Author: Dr John Purcell, Policy Adviser Environmental, social, and governance ‘ESG’, CPA Australia
In its January 2020 annual survey of perceptions of thirty global risks, the World Economic Forum (WEF) ranked infectious diseases tenth in terms of impact, though well down in the bottom-half of expected likelihood. There is no need to repeat here how 2020 has tragically unfolded.
Pandemics fall into that hugely problematic economic phenomenon of ‘black swan’ events for which there are few ‘playbooks’ at hand for governments, policymakers and regulators to manoeuvre through the crisis. Other ‘black swan’ events include cyberattacks, terrorist attacks and extreme weather events.
It would be naïve to suggest that our systems of economic regulation and market oversight could be engineered to futureproof against eventualities both indeterminant and incalculable. Nevertheless, what the coronavirus pandemic has laid bare is the piecemeal fashion in which law reform is undertaken, along with the risks of winding down institutional and system-wide capacity.
Insolvency law is in the frontline of these stresses. It performs a pivotal economic role working through the multiple consequences of corporate collapse and transmitting to individuals – creditors, directors and owners – the financial, and in turn human, consequences of irreversible and irretrievable losses. Whilst also providing means of ‘rehabilitation’ for both assets and persons.
Business financial stress and collapse is inevitable; an expected, acceptable and necessary outcome in any market economy. Australia’s corporate insolvency laws and system has handled the ebb and flow of corporate failure associated with the impact of economic cycles and those instances of significant individual corporate collapse. Two interrelated matters of significant tension have now, nevertheless, become apparent as the coronavirus-related economic crisis unfolds:
- The temporary changes to insolvency law announced in March are holding back the floodgates of a now widely expected surge in insolvencies. This poses systems challenges extending into the future, which if not adequately addressed, will leave a legacy of a large number of ‘zombie’ companies dragging on the economy.
- Whilst the external administration provisions of the Corporations Act have been progressively revised and augmented, the broad structure of the system is still that introduced in 1993; the cornerstones of which are the voluntary administration/deed of company arrangement, insolvent trading and statutory demand provisions. The insolvency system will play a key role in Australia’s path to economic recovery and, if it wasn’t already apparent, a deeper wide-ranging review is much needed.

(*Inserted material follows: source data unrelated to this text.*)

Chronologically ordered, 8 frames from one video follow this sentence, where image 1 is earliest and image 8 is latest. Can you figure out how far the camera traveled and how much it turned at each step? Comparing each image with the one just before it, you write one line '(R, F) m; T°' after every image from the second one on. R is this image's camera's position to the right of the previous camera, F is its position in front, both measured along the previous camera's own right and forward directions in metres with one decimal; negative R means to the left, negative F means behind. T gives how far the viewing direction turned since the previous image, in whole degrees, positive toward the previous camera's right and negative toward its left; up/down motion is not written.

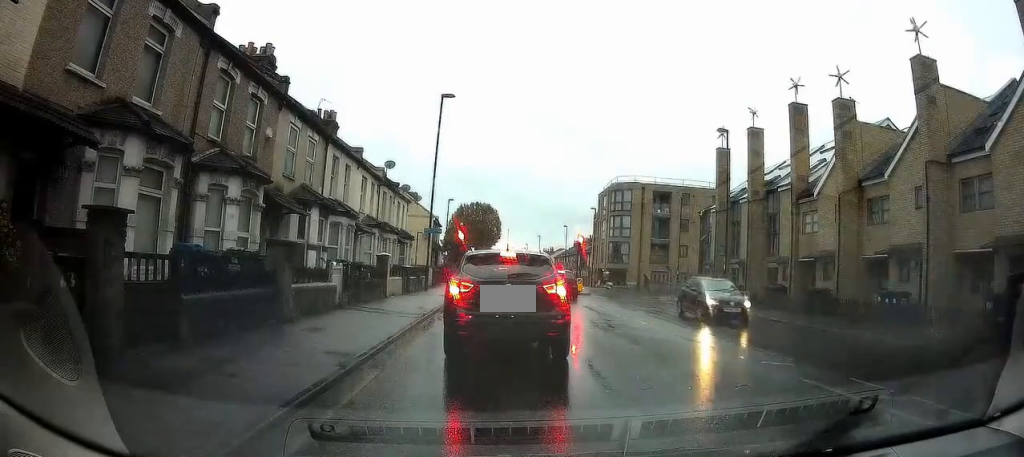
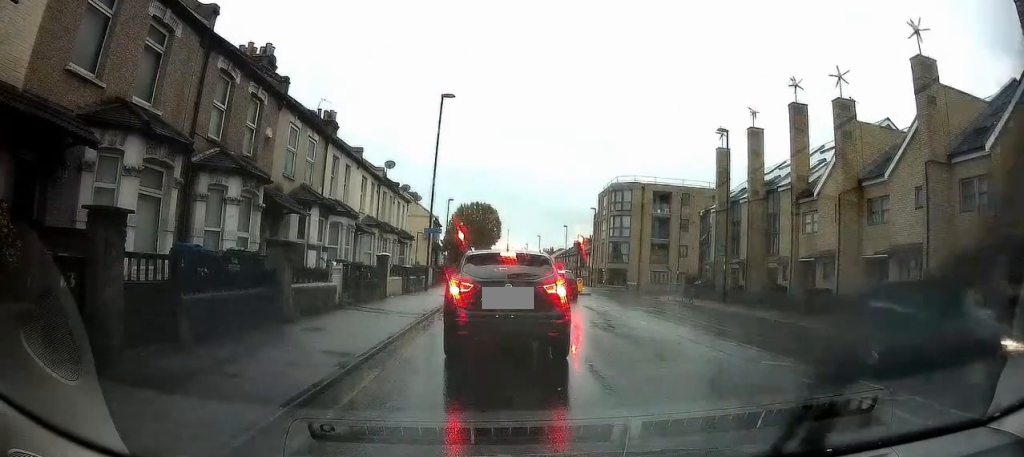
(0.0, 0.0) m; 0°
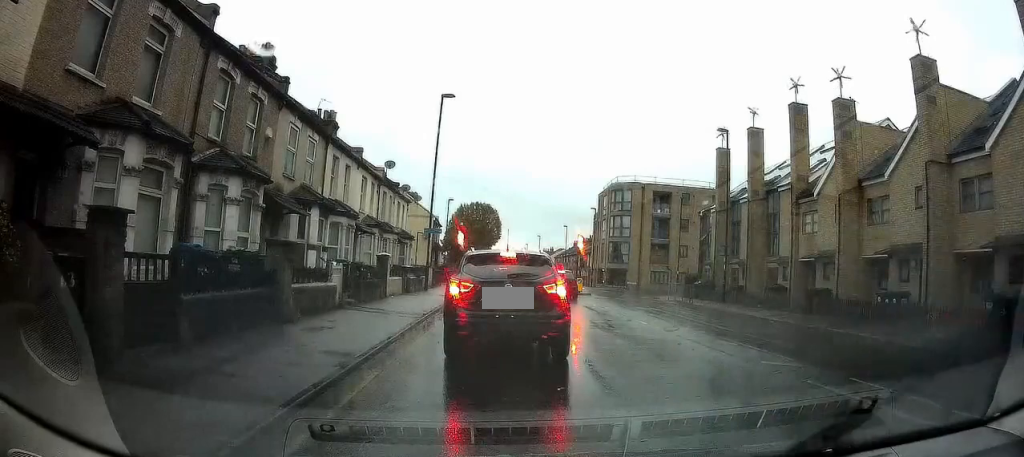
(0.0, 0.0) m; 0°
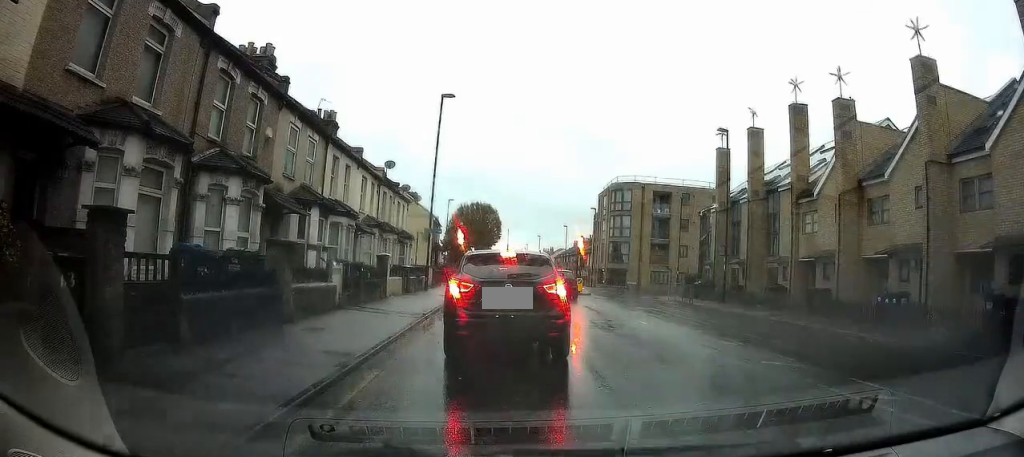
(0.0, 0.0) m; 0°
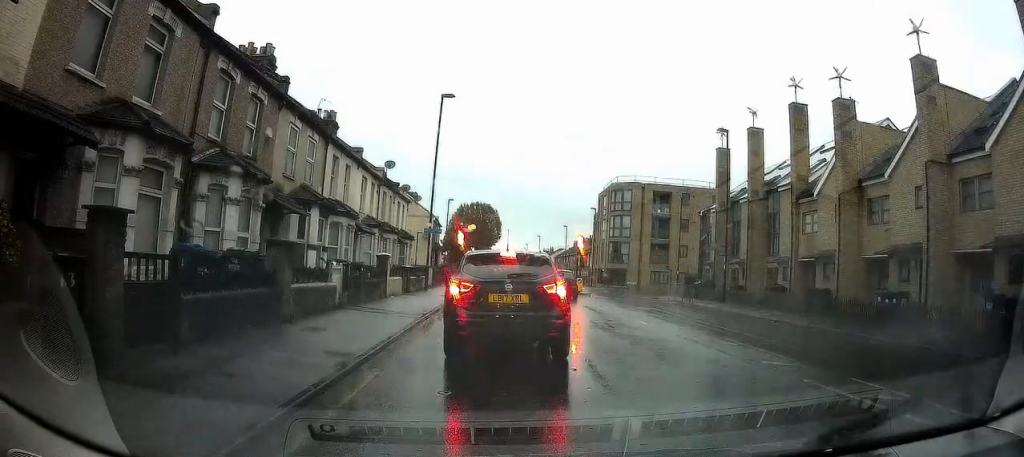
(0.0, 0.0) m; 0°
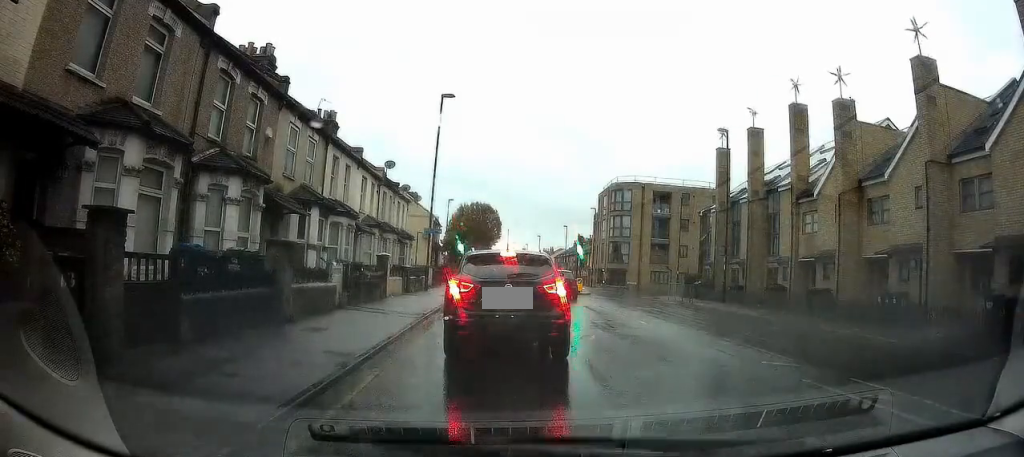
(0.0, 0.0) m; 0°
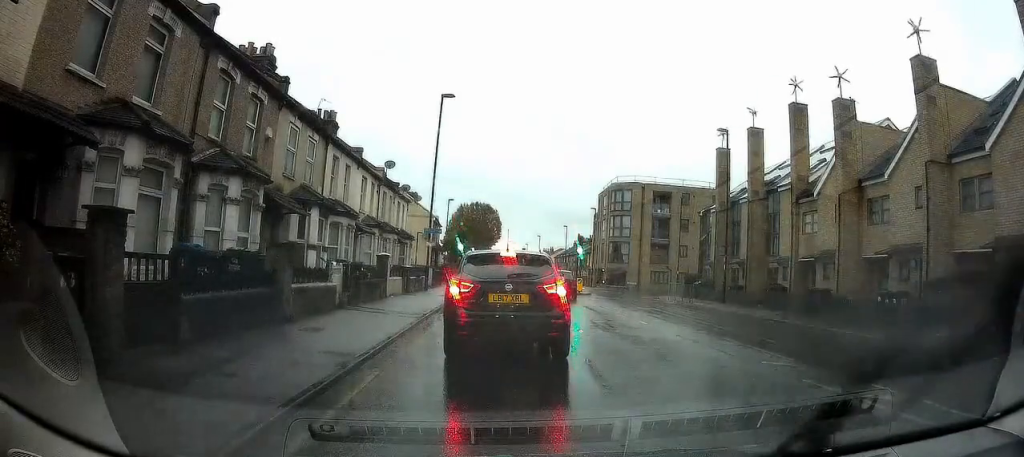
(0.0, 0.0) m; 0°
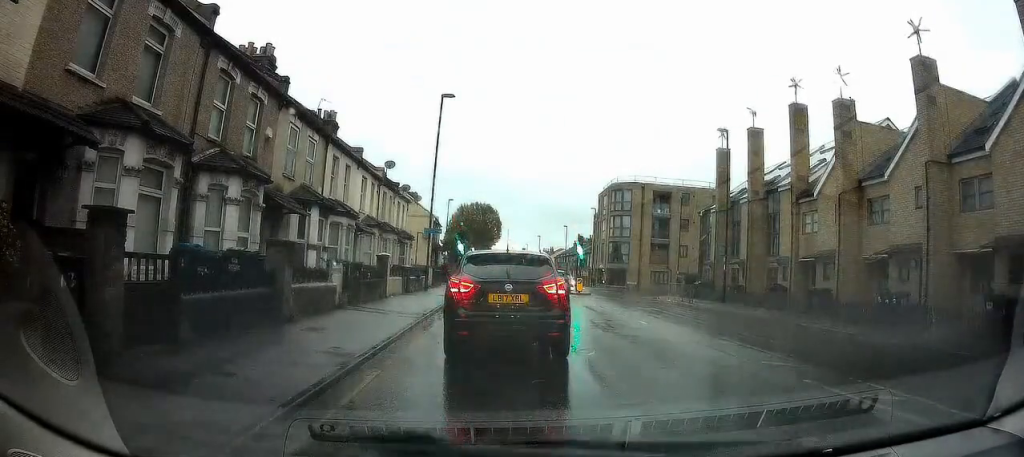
(0.0, 0.0) m; 0°
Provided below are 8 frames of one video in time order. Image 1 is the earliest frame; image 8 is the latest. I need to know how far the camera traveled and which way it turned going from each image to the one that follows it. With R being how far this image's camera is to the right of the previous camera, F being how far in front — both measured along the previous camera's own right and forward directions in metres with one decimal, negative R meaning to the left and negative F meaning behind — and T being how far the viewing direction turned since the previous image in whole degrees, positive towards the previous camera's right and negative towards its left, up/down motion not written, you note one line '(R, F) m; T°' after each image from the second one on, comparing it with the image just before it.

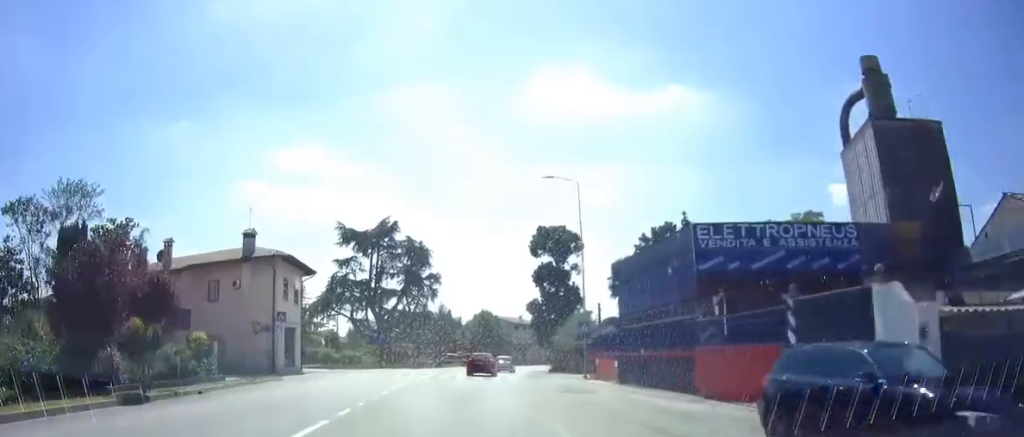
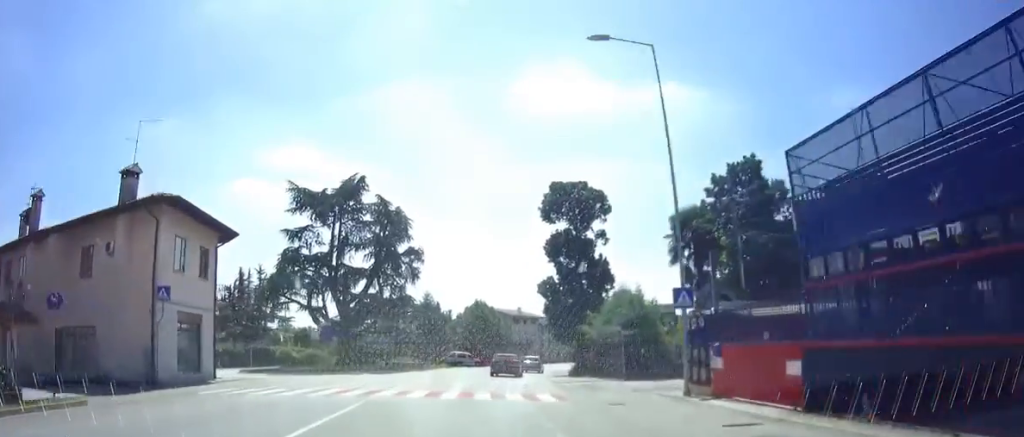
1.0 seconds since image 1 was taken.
(0.0, +14.8) m; +2°
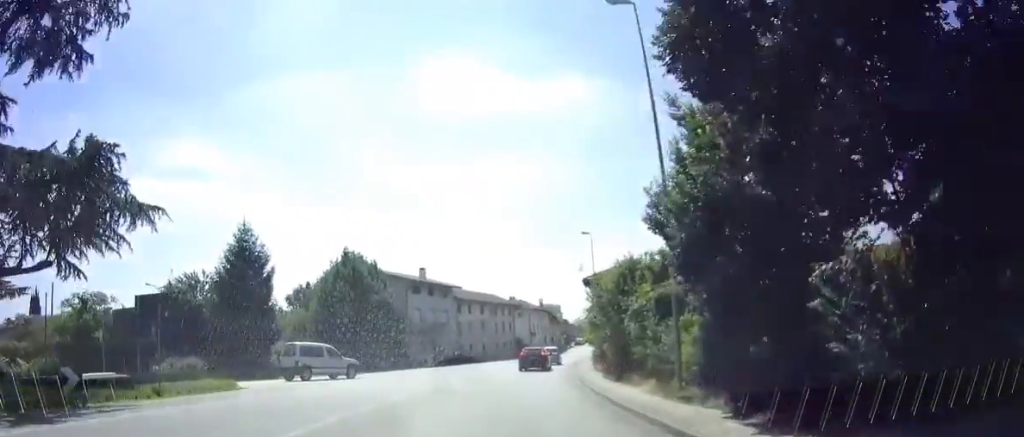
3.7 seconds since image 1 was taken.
(+2.6, +38.7) m; +9°
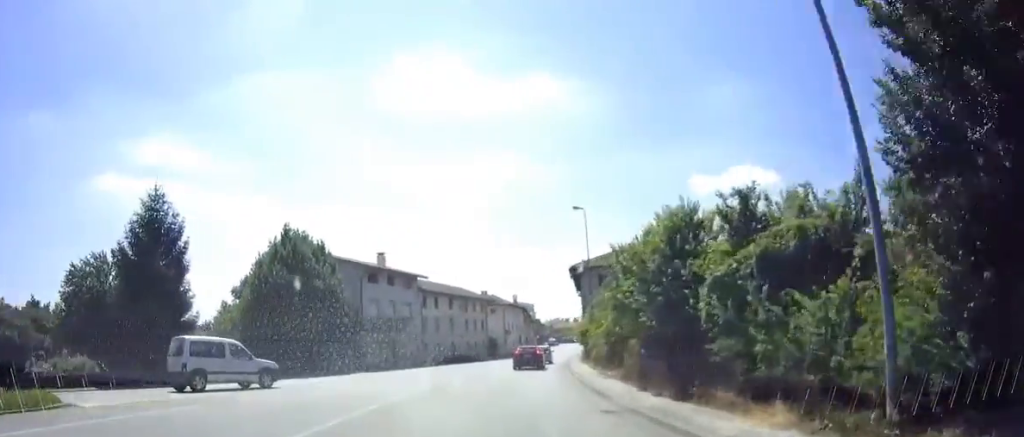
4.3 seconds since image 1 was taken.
(+0.3, +8.4) m; +4°
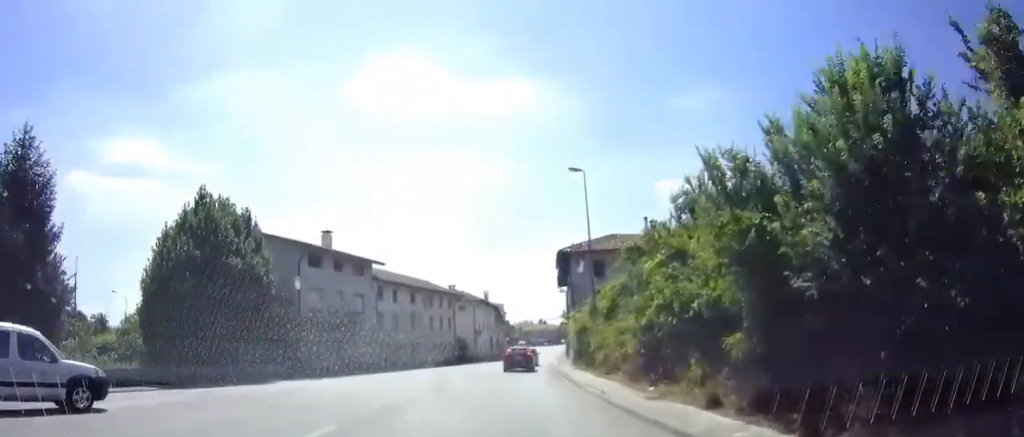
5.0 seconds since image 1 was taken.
(+0.2, +9.4) m; +5°
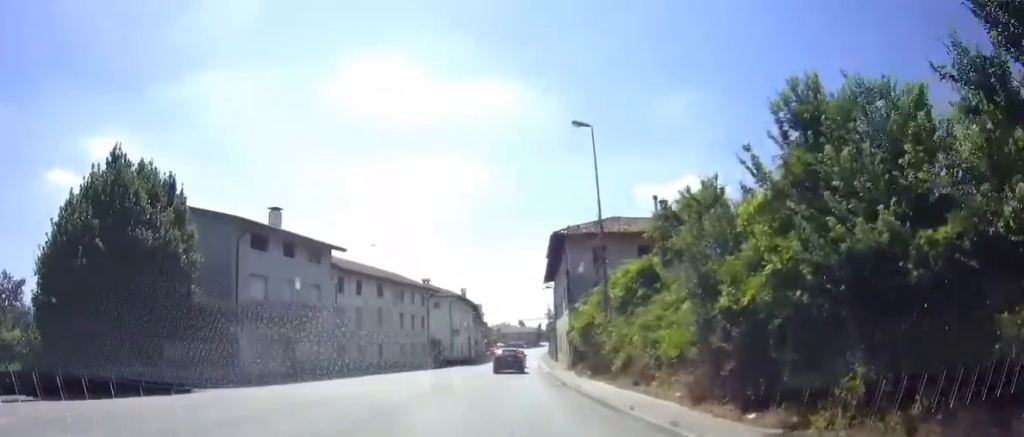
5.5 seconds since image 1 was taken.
(+0.4, +6.6) m; +2°
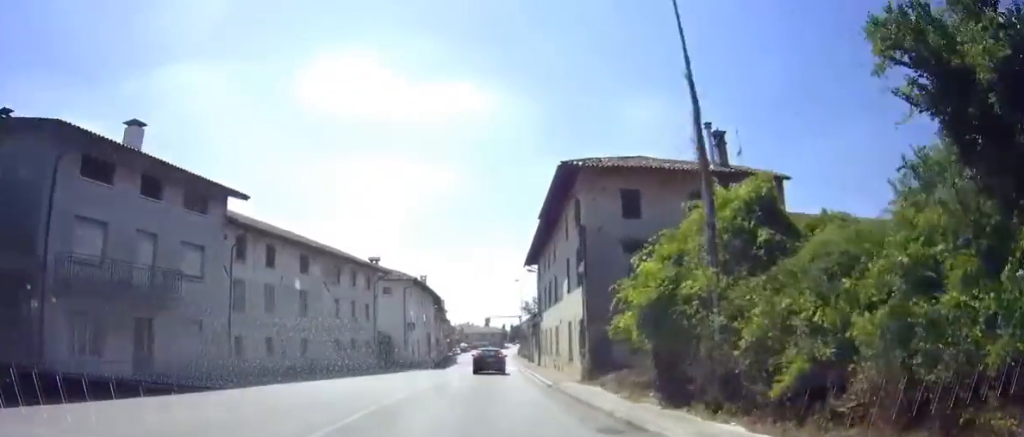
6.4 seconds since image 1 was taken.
(+0.5, +12.7) m; +2°
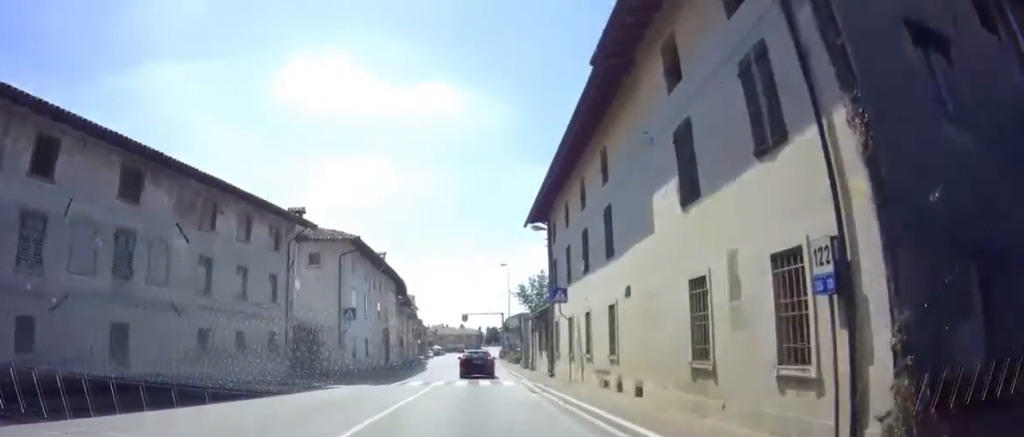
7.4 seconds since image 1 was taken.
(+0.1, +15.1) m; +1°

Deeper challenges and opportunities are around: (i) where emphasis is placed, (ii) what the most suitable statutory and administrative mechanisms might be, recognising the diverse nature of the Australian economy whose participants are of widely differing size and complexity, and (iii) what are acceptable trade-offs acknowledging that there can be no perfect solution.
Given the overarching reality of insolvency law, the following are some of the issues which might be considered in a review:
- As part of a framework which has wide economic and social implications, the funding of the insolvency system may need greater orientation towards ensuring adequate capacity in terms of professional and technical resource at both the regulator and practitioner level. This means funding that incentivises and places a fairer burden on that which is the subject of regulation – the broad body of registered companies.
- There is longstanding concern about the dual, but interrelated, realities of applying ‘one size fits all’ business recovery and liquidation processes, and the increasing frequency of either asset-less or minimal liquidated asset insolvencies. These longstanding challenges warrant a ‘whole of system’ approach.
- As the impacts of the pandemic progress, government policy will increasingly be focused on rebuilding the economy. The challenge in reshaping insolvency law may involve balancing the urge for a more laissez faire approach to corporate conduct, with a broader opportunity to rethink the inclusiveness of our capitalist market system. Such matters are far more than esoteric contemplation, affecting the shape and future direction of key areas of the law, including the enforceability of secured rights and safe harbour protection from director personal liability for insolvent trading.
If the Global Finance Crisis (GFC) is seen as an appropriate reference, COVID-19 could trigger well in excess of 10,000 corporate insolvencies working their way through the system on an annual basis. These daunting numbers will place significant stress on both the insolvency system and the economy more broadly; potentially impeding recovery.
A fatalistic view would regard this as consequence of the ‘black swan’ character of the pandemic. Nevertheless, what might actually be revealed is a failure of collective will to positively influence this critical part of our legal and economic system.
As many of the lessons from the GFC seem to have been forgotten, it would be a tragedy to likewise not grasp the opportunity at hand to build a better corporate insolvency system.